Leetcode problem 113 - Richest Customer Wealth

You are given an m x n integer grid accounts where accounts[i][j] is the amount of money the i​​​​​​​​​​​th​​​​ customer has in the j​​​​​​​​​​​th​​​​ bank. Return the wealth that the richest customer has.

A customer’s wealth is the amount of money they have in all their bank accounts.
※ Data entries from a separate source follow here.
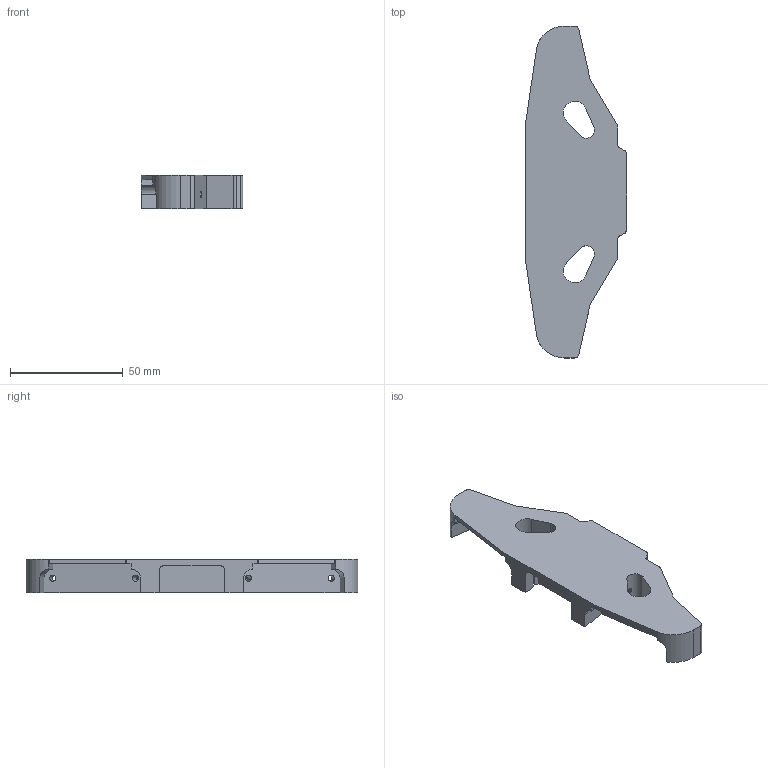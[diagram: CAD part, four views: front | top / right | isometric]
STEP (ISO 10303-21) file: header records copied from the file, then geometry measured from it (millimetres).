
FILE_DESCRIPTION(/* description */ ('Unknown'),/* implementation_level */ '2;1');
FILE_NAME(/* name */ 'Pare-choc arrière',/* time_stamp */ '2023-01-27T11:58:45+01:00',/* author */ ('Unknown'),/* organization */ ('Unknown'),/* preprocessor_version */ 'ST-DEVELOPER v16.7',/* originating_system */ 'DEX',/* authorisation */ $);
FILE_SCHEMA (('AUTOMOTIVE_DESIGN {1 0 10303 214 3 1 1}'));
Length unit declared in the file: millimetre
Products named in the file (1): 015.1-Pare-choc arrière
Bounding box: 45 x 146.96 x 15 mm (x, y, z)
Volume: 50283.2 mm3; surface area: 16745.3 mm2
Topology: 1 solids, 1 shells, 82 faces, 239 edges, 159 vertices
Faces by surface type: plane 52, cylinder 30
Full cylindrical faces by diameter (mm): 2.8 x4
Entity records: 2732 total; most frequent: CARTESIAN_POINT 503, ORIENTED_EDGE 460, DIRECTION 452, EDGE_CURVE 230, LINE 166, VECTOR 166, VERTEX_POINT 154, AXIS2_PLACEMENT_3D 143

The richest customer is the customer that has the maximum wealth.

Example 1:

Input: accounts = [[1,2,3],[3,2,1]] Output: 6 Explanation: 1st customer has wealth = 1 + 2 + 3 = 6 2nd customer has wealth = 3 + 2 + 1 = 6 Both customers are considered the richest with a wealth of 6 each, so return 6. Example 2:

Input: accounts = [[1,5],[7,3],[3,5]] Output: 10 Explanation: 1st customer has wealth = 6 2nd customer has wealth = 10 3rd customer has wealth = 8 The 2nd customer is the richest with a wealth of 10. Example 3:

Input: accounts = [[2,8,7],[7,1,3],[1,9,5]] Output: 17

Constraints:

m == accounts.length n == accounts[i].length 1 <= m, n <= 50 1 <= accounts[i][j] <= 100

/**
 * @param {number[][]} accounts
 * @return {number}
 */
var maximumWealth = function (accounts) {
  // Initialize a variable to store the maximum wealth
  let maxSum = 0;

  // Iterate through the accounts array
  for (let i = 0; i < accounts.length; i++) {
    // Calculate the wealth for the current customer by summing their account values
    let wealth = accounts[i].reduce((a, b) => a + b, 0);

    // Check if the calculated wealth is greater than the current maximum sum
    if (wealth > maxSum) {
      // Update the maximum sum if the current wealth is greater
      maxSum = wealth;
    }
  }

  // Return the overall maximum wealth
  return maxSum;
};

The time complexity of the code is O(n * m), where n is the number of customers (length of accounts array) and m is the average number of accounts per customer.

The space complexity is O(1) because the algorithm uses a constant amount of extra space, regardless of the input size.